Entries taken from a collection:
■ ■ ■ ■ ■ ■ ■

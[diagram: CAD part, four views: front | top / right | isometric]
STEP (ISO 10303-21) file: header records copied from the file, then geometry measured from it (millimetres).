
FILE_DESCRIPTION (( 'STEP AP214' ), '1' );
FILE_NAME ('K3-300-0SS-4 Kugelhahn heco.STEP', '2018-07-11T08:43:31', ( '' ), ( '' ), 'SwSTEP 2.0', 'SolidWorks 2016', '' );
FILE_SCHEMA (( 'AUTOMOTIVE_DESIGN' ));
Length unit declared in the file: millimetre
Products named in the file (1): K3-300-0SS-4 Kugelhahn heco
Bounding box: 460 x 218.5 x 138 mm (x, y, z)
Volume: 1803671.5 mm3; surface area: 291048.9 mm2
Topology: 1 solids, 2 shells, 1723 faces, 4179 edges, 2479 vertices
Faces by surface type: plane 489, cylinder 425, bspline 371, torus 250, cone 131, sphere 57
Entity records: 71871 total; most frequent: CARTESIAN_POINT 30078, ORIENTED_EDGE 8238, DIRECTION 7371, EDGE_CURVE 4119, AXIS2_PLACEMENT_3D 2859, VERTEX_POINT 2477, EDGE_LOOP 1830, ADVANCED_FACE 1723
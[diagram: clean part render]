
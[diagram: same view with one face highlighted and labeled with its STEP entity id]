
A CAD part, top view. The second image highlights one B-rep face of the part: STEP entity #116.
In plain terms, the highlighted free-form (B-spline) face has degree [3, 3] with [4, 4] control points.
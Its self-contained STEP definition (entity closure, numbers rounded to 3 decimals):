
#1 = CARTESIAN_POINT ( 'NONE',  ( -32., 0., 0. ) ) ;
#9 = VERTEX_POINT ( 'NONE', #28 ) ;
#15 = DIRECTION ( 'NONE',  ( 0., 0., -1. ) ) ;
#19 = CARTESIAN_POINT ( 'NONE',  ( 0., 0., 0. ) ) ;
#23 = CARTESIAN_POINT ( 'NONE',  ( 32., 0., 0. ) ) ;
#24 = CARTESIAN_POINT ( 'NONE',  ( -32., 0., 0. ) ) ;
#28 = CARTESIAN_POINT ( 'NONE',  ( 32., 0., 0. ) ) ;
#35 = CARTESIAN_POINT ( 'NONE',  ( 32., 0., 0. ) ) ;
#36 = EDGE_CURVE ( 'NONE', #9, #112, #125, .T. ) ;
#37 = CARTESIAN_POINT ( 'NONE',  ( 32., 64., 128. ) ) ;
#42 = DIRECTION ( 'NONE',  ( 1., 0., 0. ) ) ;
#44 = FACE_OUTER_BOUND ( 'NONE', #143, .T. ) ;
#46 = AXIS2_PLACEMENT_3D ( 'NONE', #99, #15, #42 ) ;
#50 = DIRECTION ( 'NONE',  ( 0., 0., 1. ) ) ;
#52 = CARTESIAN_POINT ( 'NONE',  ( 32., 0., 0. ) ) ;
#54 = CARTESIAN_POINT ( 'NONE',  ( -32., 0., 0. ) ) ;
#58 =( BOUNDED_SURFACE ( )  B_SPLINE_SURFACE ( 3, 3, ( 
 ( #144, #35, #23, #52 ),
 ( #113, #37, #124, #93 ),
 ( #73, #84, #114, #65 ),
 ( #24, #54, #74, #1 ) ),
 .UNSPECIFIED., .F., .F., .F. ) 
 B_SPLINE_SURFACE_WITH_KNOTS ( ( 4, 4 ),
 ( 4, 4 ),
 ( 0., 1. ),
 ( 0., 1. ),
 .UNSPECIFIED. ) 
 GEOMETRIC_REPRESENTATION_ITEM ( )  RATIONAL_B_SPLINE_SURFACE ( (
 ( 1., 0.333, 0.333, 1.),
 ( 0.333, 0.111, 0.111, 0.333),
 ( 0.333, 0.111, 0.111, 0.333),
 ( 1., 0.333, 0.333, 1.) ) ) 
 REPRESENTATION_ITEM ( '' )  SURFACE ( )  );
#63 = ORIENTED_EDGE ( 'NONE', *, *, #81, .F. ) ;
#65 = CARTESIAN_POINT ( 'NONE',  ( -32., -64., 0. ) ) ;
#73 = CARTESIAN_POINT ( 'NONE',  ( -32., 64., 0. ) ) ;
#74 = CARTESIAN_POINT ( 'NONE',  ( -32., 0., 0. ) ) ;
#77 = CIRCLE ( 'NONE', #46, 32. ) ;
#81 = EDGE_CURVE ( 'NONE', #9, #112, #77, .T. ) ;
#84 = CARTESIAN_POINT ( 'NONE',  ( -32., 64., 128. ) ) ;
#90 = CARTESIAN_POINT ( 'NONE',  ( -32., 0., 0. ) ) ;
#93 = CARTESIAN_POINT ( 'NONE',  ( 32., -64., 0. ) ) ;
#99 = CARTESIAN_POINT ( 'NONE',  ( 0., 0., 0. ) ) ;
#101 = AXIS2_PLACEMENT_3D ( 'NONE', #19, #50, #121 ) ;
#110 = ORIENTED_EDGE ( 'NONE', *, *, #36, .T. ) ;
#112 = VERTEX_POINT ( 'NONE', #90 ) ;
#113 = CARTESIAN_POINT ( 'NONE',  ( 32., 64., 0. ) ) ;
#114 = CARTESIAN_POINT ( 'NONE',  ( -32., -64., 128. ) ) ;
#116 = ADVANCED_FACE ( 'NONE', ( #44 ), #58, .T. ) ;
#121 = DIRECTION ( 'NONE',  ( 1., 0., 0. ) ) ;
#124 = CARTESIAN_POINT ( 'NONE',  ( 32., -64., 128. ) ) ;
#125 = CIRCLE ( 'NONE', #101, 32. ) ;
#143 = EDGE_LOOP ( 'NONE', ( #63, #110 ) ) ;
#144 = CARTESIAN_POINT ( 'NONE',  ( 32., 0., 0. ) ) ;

■ ■ ■ ■ ■ ■ ■

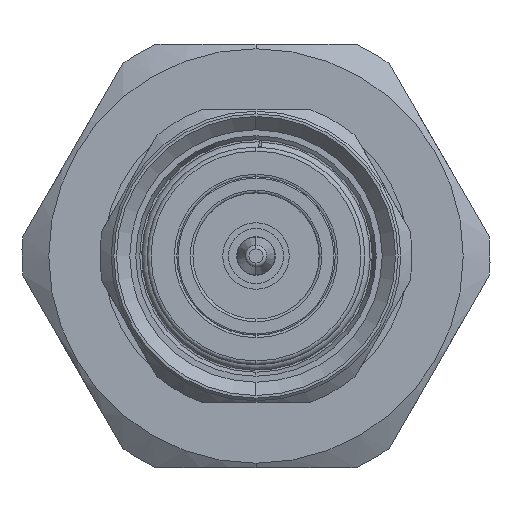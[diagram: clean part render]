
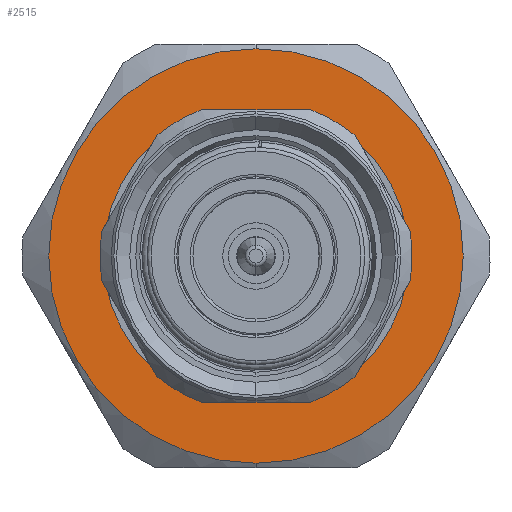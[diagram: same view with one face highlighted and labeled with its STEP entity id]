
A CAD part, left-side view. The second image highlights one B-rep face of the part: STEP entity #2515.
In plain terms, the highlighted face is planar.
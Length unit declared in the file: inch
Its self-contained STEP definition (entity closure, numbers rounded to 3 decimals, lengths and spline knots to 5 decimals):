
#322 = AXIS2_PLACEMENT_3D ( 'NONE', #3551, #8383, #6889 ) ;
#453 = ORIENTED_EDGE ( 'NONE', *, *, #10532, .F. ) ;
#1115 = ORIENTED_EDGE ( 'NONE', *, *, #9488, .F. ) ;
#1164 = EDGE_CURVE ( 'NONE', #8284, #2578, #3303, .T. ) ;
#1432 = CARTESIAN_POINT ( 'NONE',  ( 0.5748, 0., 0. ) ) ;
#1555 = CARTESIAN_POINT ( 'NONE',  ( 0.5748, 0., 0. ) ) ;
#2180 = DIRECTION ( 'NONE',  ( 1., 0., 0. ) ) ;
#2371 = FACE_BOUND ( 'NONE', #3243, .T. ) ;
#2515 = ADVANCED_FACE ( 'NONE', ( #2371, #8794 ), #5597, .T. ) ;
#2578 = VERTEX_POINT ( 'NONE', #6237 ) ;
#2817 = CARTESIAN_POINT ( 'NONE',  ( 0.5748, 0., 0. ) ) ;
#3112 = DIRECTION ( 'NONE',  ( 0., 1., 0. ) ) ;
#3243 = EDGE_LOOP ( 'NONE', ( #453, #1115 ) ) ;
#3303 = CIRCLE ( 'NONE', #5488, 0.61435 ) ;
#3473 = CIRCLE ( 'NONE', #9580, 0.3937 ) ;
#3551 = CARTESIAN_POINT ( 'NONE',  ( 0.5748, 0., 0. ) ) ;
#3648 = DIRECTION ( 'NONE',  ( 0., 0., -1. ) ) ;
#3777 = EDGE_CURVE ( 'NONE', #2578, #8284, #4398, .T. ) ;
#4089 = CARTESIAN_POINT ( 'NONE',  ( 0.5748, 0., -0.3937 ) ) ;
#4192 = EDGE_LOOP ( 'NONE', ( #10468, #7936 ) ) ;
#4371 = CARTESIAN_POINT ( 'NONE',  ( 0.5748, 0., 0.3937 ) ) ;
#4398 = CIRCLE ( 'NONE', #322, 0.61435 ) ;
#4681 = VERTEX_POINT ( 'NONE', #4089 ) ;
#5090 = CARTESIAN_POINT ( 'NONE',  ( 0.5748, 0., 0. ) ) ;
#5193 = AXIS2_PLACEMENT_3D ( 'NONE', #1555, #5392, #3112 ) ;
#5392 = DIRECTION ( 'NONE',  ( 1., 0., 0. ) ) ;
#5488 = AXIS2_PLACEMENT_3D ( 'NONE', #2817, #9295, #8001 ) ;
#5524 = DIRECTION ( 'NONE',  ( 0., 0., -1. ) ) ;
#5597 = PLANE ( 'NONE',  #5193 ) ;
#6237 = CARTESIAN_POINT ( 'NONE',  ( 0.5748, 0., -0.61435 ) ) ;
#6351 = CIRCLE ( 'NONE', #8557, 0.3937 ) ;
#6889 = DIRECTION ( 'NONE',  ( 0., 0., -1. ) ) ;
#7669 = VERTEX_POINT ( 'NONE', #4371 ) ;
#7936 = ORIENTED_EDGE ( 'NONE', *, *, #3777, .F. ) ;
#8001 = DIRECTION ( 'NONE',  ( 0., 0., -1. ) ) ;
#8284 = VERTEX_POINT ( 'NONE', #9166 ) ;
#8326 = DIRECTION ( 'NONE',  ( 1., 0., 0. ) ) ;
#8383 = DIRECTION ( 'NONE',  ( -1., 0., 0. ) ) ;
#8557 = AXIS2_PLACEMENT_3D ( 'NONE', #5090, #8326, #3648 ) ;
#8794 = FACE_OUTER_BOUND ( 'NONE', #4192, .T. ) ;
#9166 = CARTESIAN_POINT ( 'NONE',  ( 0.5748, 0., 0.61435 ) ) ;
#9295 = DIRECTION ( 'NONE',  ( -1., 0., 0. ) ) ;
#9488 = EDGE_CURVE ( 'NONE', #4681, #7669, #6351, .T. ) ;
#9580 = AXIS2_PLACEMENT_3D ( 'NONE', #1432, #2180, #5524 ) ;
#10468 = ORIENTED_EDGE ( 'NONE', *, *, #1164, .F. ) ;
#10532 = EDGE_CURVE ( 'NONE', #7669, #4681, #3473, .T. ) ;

■ ■ ■ ■ ■ ■ ■

### YOUR OBJECTIVE
Could you reproduce, exactly, every line above from the line with "REPRESENTATION_ITEM ( ''" to the line with "#144 = CARTESIAN_POINT", and no other line? Both ends count.

### SOLUTION TO THE PROBLEM
 REPRESENTATION_ITEM ( '' )  SURFACE ( )  );
#63 = ORIENTED_EDGE ( 'NONE', *, *, #81, .F. ) ;
#65 = CARTESIAN_POINT ( 'NONE',  ( -32., -64., 0. ) ) ;
#73 = CARTESIAN_POINT ( 'NONE',  ( -32., 64., 0. ) ) ;
#74 = CARTESIAN_POINT ( 'NONE',  ( -32., 0., 0. ) ) ;
#77 = CIRCLE ( 'NONE', #46, 32. ) ;
#81 = EDGE_CURVE ( 'NONE', #9, #112, #77, .T. ) ;
#84 = CARTESIAN_POINT ( 'NONE',  ( -32., 64., 128. ) ) ;
#90 = CARTESIAN_POINT ( 'NONE',  ( -32., 0., 0. ) ) ;
#93 = CARTESIAN_POINT ( 'NONE',  ( 32., -64., 0. ) ) ;
#99 = CARTESIAN_POINT ( 'NONE',  ( 0., 0., 0. ) ) ;
#101 = AXIS2_PLACEMENT_3D ( 'NONE', #19, #50, #121 ) ;
#110 = ORIENTED_EDGE ( 'NONE', *, *, #36, .T. ) ;
#112 = VERTEX_POINT ( 'NONE', #90 ) ;
#113 = CARTESIAN_POINT ( 'NONE',  ( 32., 64., 0. ) ) ;
#114 = CARTESIAN_POINT ( 'NONE',  ( -32., -64., 128. ) ) ;
#116 = ADVANCED_FACE ( 'NONE', ( #44 ), #58, .T. ) ;
#121 = DIRECTION ( 'NONE',  ( 1., 0., 0. ) ) ;
#124 = CARTESIAN_POINT ( 'NONE',  ( 32., -64., 128. ) ) ;
#125 = CIRCLE ( 'NONE', #101, 32. ) ;
#143 = EDGE_LOOP ( 'NONE', ( #63, #110 ) ) ;
#144 = CARTESIAN_POINT ( 'NONE',  ( 32., 0., 0. ) ) ;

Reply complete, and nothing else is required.